Cardiac resynchronization therapy (CRT) can substantially improve dyssynchronous heart failure and reduce mortality. However, about one-third of patients who are implanted, derive no measurable benefit from CRT. Non-response may partly be due to suboptimal activation of the left ventricle (LV) caused by electrophysiological heterogeneities. The goal of this study is to investigate the performance of a newly developed method used to analyze electrical wavefront propagation in a heart model including myocardial scar and compare this to clinical benchmark studies. We used computational models to measure the maximum activation front (MAF) in the LV during different pacing scenarios. Different heart geometries and scars were created based on cardiac MR images of three patients. The right ventricle (RV) was paced from the apex and the LV was paced from 12 different sites, single site, dual-site and triple site. Our results showed that for single LV site pacing, the pacing site with the largest MAF corresponded with the latest activated regions of the LV demonstrated during RV pacing, which also agrees with previous markers used for predicting optimal single-site pacing location. We then demonstrated the utility of MAF in predicting optimal electrode placements in more complex scenarios including scar and multi-site LV pacing. This study demonstrates the potential value of computational simulations in understanding and planning CRT.

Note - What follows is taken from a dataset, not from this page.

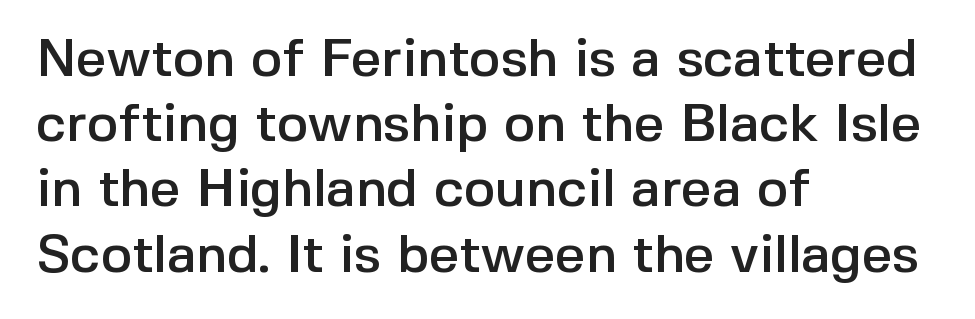
{"serif": "no", "italic": "no", "width": "normal", "x_height": "medium", "monospaced": "no", "underline": "no", "align": "left", "line_spacing_ratio": 1.23, "letter_spacing": "normal", "letter_spacing_em": 0.0, "glyph_px": 53}

心脏再同步治疗（CRT）可以大大改善不同步的心力衰竭并降低死亡率。但是，约有三分之一的植入患者没有从CRT获得可衡量的益处。无反应可能部分是由于电生理异质性导致左心室（LV）激活欠佳。这项研究的目的是研究一种新方法的性能，该方法用于分析心脏模型（包括心肌瘢痕）中的电波前传播，并将其与临床基准研究进行比较。我们使用计算模型来测量不同起搏场景下左心室的最大激活前沿（MAF）。基于三位患者的心脏MR图像创建了不同的心脏几何形状和疤痕​​。右心室（RV）从心尖起搏，左心室从12个不同部位起搏，分别是单部位，双部位和三部位。我们的结果表明，对于单LV部位起搏，具有最大MAF的起搏部位与RV起搏期间显示的LV的最新激活区域相对应，这也与先前用于预测最佳单部位起搏位置的标记相吻合。然后，我们证明了MAF在预测更复杂的情况下（包括疤痕和多部位LV起搏）的最佳电极位置的实用性。这项研究表明了计算模拟在理解和计划CRT中的潜在价值。具有最大MAF的起搏部位与RV起搏期间显示的LV的最新激活区域相对应，这也与以前用于预测最佳单部位起搏位置的标记相吻合。然后，我们证明了MAF在预测更复杂的情况下（包括疤痕和多部位LV起搏）的最佳电极位置的实用性。这项研究表明了计算模拟在理解和计划CRT中的潜在价值。具有最大MAF的起搏部位与RV起搏期间显示的LV的最新激活区域相对应，这也与以前用于预测最佳单部位起搏位置的标记相吻合。然后，我们证明了MAF在预测更复杂的情况下（包括疤痕和多部位LV起搏）的最佳电极位置的实用性。这项研究表明了计算模拟在理解和计划CRT中的潜在价值。